EXERCISE PROMPT:
Lines from the beginning of the material below through the line that has "8.501C10.033 8.811 9.541" are to be reproduced exactly, but pictures are not.

** DATA LISTING follows **

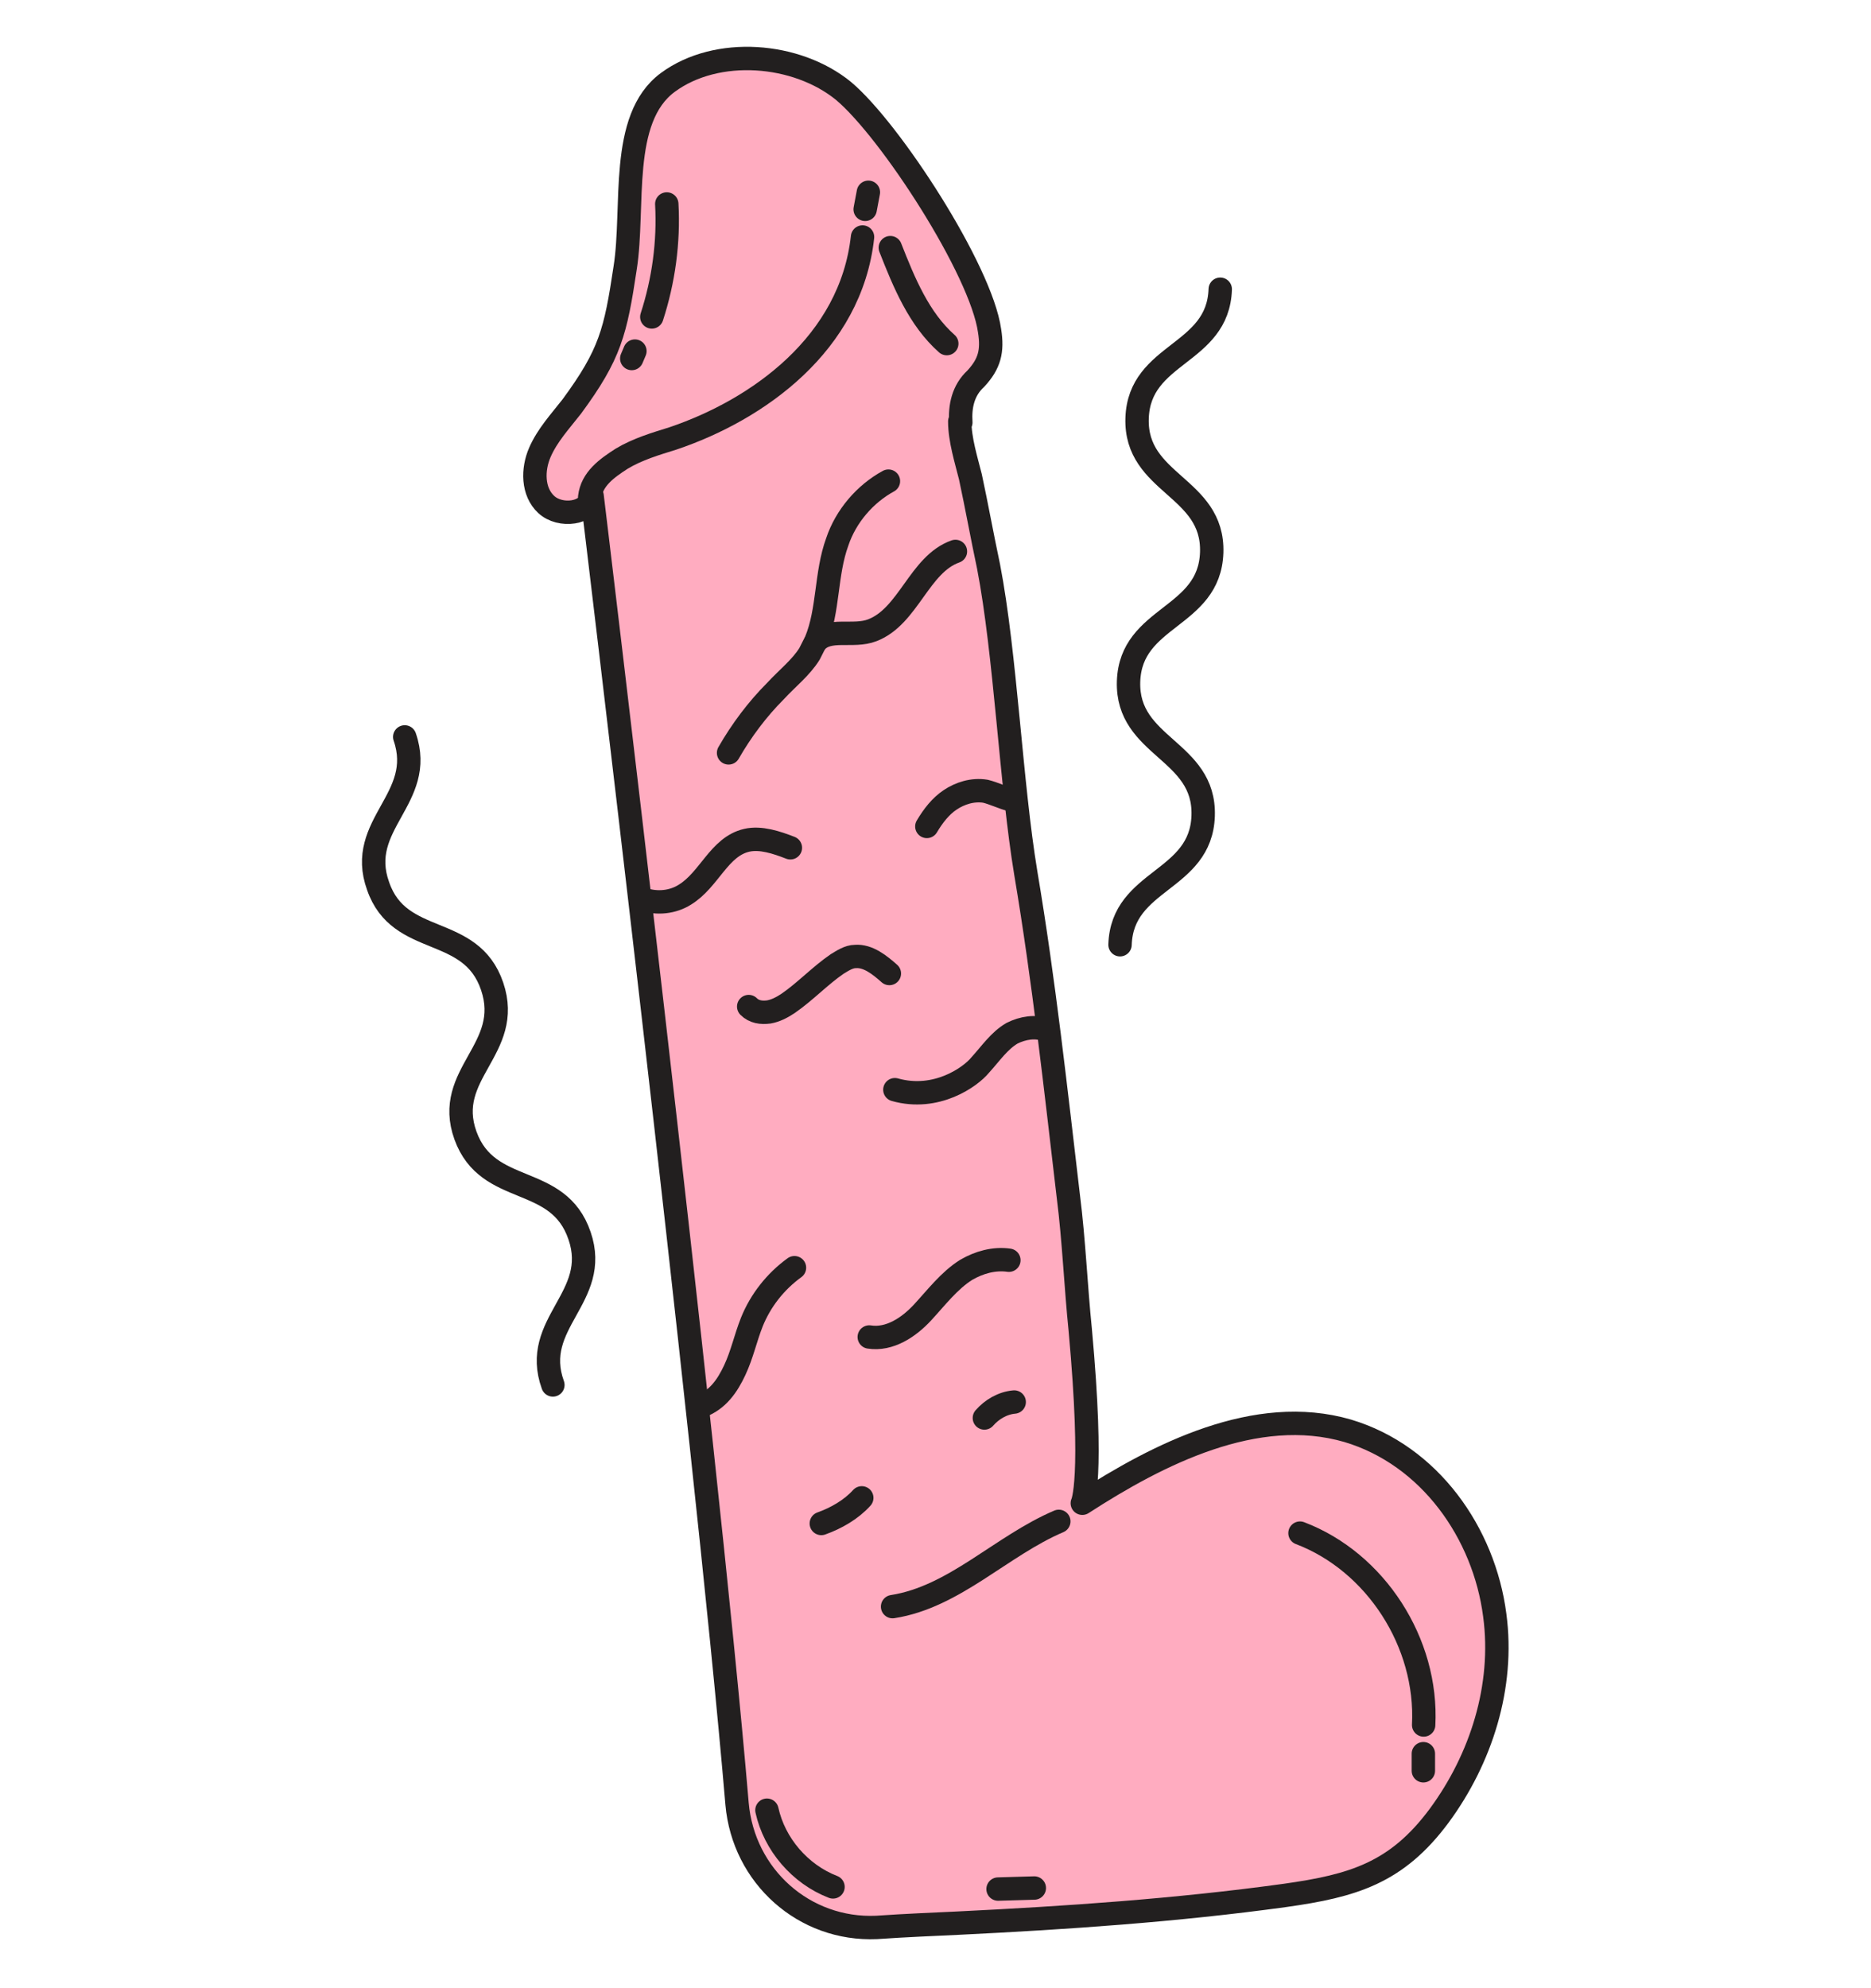 <svg width="32" height="34" viewBox="0 0 32 34" fill="none" xmlns="http://www.w3.org/2000/svg">
<path d="M10.088 8.501C10.033 8.811 9.541 8.865 9.304 8.647C9.067 8.428 9.067 8.045 9.195 7.754C9.322 7.462 9.541 7.225 9.741 6.97C10.398 6.077 10.489 5.694 10.653 4.6C10.817 3.561 10.543 2.049 11.382 1.429C12.22 0.809 13.587 0.919 14.389 1.575C15.191 2.249 16.741 4.637 16.886 5.676C16.941 6.022 16.886 6.241 16.649 6.496C16.431 6.696 16.376 6.97 16.394 7.243C16.394 7.553 16.503 7.899 16.576 8.191C16.686 8.701 16.777 9.212 16.886 9.722C17.178 11.235 17.269 13.441 17.524 14.972C17.834 16.812 18.035 18.653 18.253 20.512C18.345 21.223 18.381 22.062 18.454 22.773C18.691 25.361 18.49 25.744 18.49 25.744C19.784 24.905 21.461 24.049 23.029 24.504C24.432 24.924 25.362 26.254 25.544 27.657C25.708 28.879 25.307 30.118 24.596 31.084C23.867 32.069 23.12 32.287 21.953 32.451C20.094 32.706 18.217 32.834 16.358 32.925C15.975 32.943 15.483 32.962 14.973 32.998C13.733 33.053 12.694 32.123 12.585 30.884C12.056 24.632 10.106 8.519 10.106 8.519L10.088 8.501Z" fill="#FFACC0"/>
<path d="M16.415 7.207C16.415 7.516 16.524 7.863 16.597 8.154C16.707 8.665 16.798 9.175 16.907 9.685C17.199 11.198 17.29 13.404 17.545 14.935C17.855 16.776 18.055 18.617 18.274 20.476C18.365 21.187 18.402 22.025 18.475 22.736C18.712 25.324 18.511 25.707 18.511 25.707C19.805 24.869 21.482 24.012 23.05 24.468C24.453 24.887 25.383 26.217 25.565 27.621C25.729 28.842 25.328 30.081 24.617 31.047C23.888 32.032 23.141 32.25 21.974 32.414C20.115 32.67 18.238 32.797 16.379 32.888C15.996 32.907 15.504 32.925 14.993 32.961C13.754 33.016 12.715 32.086 12.606 30.847C12.077 24.595 10.127 8.482 10.127 8.482C10.072 8.792 9.58 8.847 9.343 8.628C9.106 8.409 9.106 8.027 9.234 7.735C9.361 7.443 9.58 7.207 9.78 6.951C10.437 6.058 10.528 5.675 10.692 4.582C10.856 3.543 10.582 2.03 11.421 1.41C12.259 0.791 13.626 0.9 14.428 1.556C15.23 2.231 16.78 4.618 16.925 5.657C16.98 6.004 16.925 6.222 16.688 6.477C16.47 6.678 16.415 6.951 16.433 7.225L16.415 7.207Z" stroke="#221F1F" stroke-width="0.4" stroke-linecap="round" stroke-linejoin="round"/>
<path d="M17.291 13.677C17.146 13.64 17 13.567 16.854 13.531C16.635 13.495 16.417 13.567 16.253 13.677C16.088 13.786 15.961 13.95 15.852 14.133" stroke="#221F1F" stroke-width="0.4" stroke-linecap="round" stroke-linejoin="round"/>
<path d="M13.518 14.498C13.281 14.406 13.008 14.315 12.771 14.37C12.297 14.479 12.133 15.044 11.713 15.3C11.513 15.427 11.24 15.464 10.984 15.373" stroke="#221F1F" stroke-width="0.4" stroke-linecap="round" stroke-linejoin="round"/>
<path d="M15.211 16.648C15.047 16.503 14.846 16.339 14.627 16.357C14.518 16.357 14.409 16.43 14.318 16.485C14.026 16.685 13.771 16.958 13.479 17.159C13.37 17.232 13.26 17.286 13.151 17.305C13.023 17.323 12.896 17.305 12.805 17.213" stroke="#221F1F" stroke-width="0.4" stroke-linecap="round" stroke-linejoin="round"/>
<path d="M17.893 17.614C17.711 17.541 17.492 17.578 17.31 17.669C17.091 17.796 16.945 18.015 16.763 18.215C16.599 18.416 16.015 18.835 15.305 18.635" stroke="#221F1F" stroke-width="0.4" stroke-linecap="round" stroke-linejoin="round"/>
<path d="M17.255 21.551C17 21.515 16.745 21.588 16.526 21.715C16.234 21.898 16.015 22.189 15.778 22.445C15.542 22.7 15.213 22.918 14.867 22.864" stroke="#221F1F" stroke-width="0.4" stroke-linecap="round" stroke-linejoin="round"/>
<path d="M13.588 21.679C13.26 21.916 13.005 22.244 12.859 22.608C12.75 22.882 12.695 23.155 12.568 23.428C12.44 23.702 12.276 23.939 11.984 24.048C12.021 24.048 12.039 24.012 12.075 23.994" stroke="#221F1F" stroke-width="0.4" stroke-linecap="round" stroke-linejoin="round"/>
<path d="M17.346 23.976C17.146 23.994 16.963 24.103 16.836 24.249" stroke="#221F1F" stroke-width="0.4" stroke-linecap="round" stroke-linejoin="round"/>
<path d="M14.739 25.615C14.557 25.816 14.302 25.962 14.047 26.053" stroke="#221F1F" stroke-width="0.4" stroke-linecap="round" stroke-linejoin="round"/>
<path d="M17.69 32.287L17.07 32.305" stroke="#221F1F" stroke-width="0.4" stroke-linecap="round" stroke-linejoin="round"/>
<path d="M13.953 10.979C14.172 10.724 14.591 10.906 14.919 10.778C15.539 10.541 15.721 9.648 16.341 9.43" stroke="#221F1F" stroke-width="0.4" stroke-linecap="round" stroke-linejoin="round"/>
<path d="M15.195 8.228C14.794 8.446 14.466 8.829 14.32 9.266C14.12 9.813 14.174 10.433 13.956 10.962C13.919 11.034 13.883 11.107 13.846 11.18C13.7 11.417 13.463 11.6 13.263 11.818C12.953 12.128 12.68 12.493 12.461 12.875" stroke="#221F1F" stroke-width="0.4" stroke-linecap="round" stroke-linejoin="round"/>
<path d="M10.086 8.5C10.122 8.19 10.378 8.008 10.633 7.844C10.906 7.68 11.216 7.589 11.508 7.498C12.966 7.006 14.552 5.875 14.752 4.053" stroke="#221F1F" stroke-width="0.4" stroke-linecap="round" stroke-linejoin="round"/>
<path d="M15.227 4.235C15.463 4.837 15.719 5.457 16.193 5.876" stroke="#221F1F" stroke-width="0.4" stroke-linecap="round" stroke-linejoin="round"/>
<path d="M18.109 26.017C17.125 26.436 16.323 27.311 15.266 27.475" stroke="#221F1F" stroke-width="0.4" stroke-linecap="round" stroke-linejoin="round"/>
<path d="M22.234 26.218C23.529 26.71 24.422 28.095 24.349 29.499" stroke="#221F1F" stroke-width="0.4" stroke-linecap="round" stroke-linejoin="round"/>
<path d="M6.922 12.602C7.287 13.659 6.084 14.096 6.467 15.153C6.831 16.21 8.053 15.791 8.417 16.867C8.782 17.942 7.579 18.361 7.961 19.419C8.344 20.476 9.547 20.056 9.912 21.132C10.276 22.189 9.073 22.626 9.456 23.684" stroke="#221F1F" stroke-width="0.4" stroke-linecap="round" stroke-linejoin="round"/>
<path d="M20.87 4.946C20.833 6.076 19.484 6.022 19.448 7.152C19.411 8.282 20.76 8.318 20.724 9.448C20.687 10.578 19.338 10.524 19.302 11.654C19.266 12.784 20.614 12.82 20.578 13.95C20.541 15.081 19.193 15.026 19.156 16.156" stroke="#221F1F" stroke-width="0.4" stroke-linecap="round" stroke-linejoin="round"/>
<path d="M13.117 30.956C13.245 31.539 13.682 32.05 14.247 32.268" stroke="#221F1F" stroke-width="0.4" stroke-linecap="round" stroke-linejoin="round"/>
<path d="M24.344 29.99V30.282" stroke="#221F1F" stroke-width="0.4" stroke-linecap="round" stroke-linejoin="round"/>
<path d="M14.797 3.58L14.852 3.288" stroke="#221F1F" stroke-width="0.4" stroke-linecap="round" stroke-linejoin="round"/>
<path d="M11.404 3.488C11.44 4.144 11.349 4.801 11.148 5.42" stroke="#221F1F" stroke-width="0.4" stroke-linecap="round" stroke-linejoin="round"/>
<path d="M10.859 6.004L10.805 6.131" stroke="#221F1F" stroke-width="0.4" stroke-linecap="round" stroke-linejoin="round"/>
</svg>

** End of DATA LISTING **

EXERCISE ANSWER:
 <svg width="32" height="34" viewBox="0 0 32 34" fill="none" xmlns="http://www.w3.org/2000/svg">
<path d="M10.088 8.501C10.033 8.811 9.541 8.865 9.304 8.647C9.067 8.428 9.067 8.045 9.195 7.754C9.322 7.462 9.541 7.225 9.741 6.97C10.398 6.077 10.489 5.694 10.653 4.6C10.817 3.561 10.543 2.049 11.382 1.429C12.22 0.809 13.587 0.919 14.389 1.575C15.191 2.249 16.741 4.637 16.886 5.676C16.941 6.022 16.886 6.241 16.649 6.496C16.431 6.696 16.376 6.97 16.394 7.243C16.394 7.553 16.503 7.899 16.576 8.191C16.686 8.701 16.777 9.212 16.886 9.722C17.178 11.235 17.269 13.441 17.524 14.972C17.834 16.812 18.035 18.653 18.253 20.512C18.345 21.223 18.381 22.062 18.454 22.773C18.691 25.361 18.49 25.744 18.49 25.744C19.784 24.905 21.461 24.049 23.029 24.504C24.432 24.924 25.362 26.254 25.544 27.657C25.708 28.879 25.307 30.118 24.596 31.084C23.867 32.069 23.12 32.287 21.953 32.451C20.094 32.706 18.217 32.834 16.358 32.925C15.975 32.943 15.483 32.962 14.973 32.998C13.733 33.053 12.694 32.123 12.585 30.884C12.056 24.632 10.106 8.519 10.106 8.519L10.088 8.501Z" fill="#FFACC0"/>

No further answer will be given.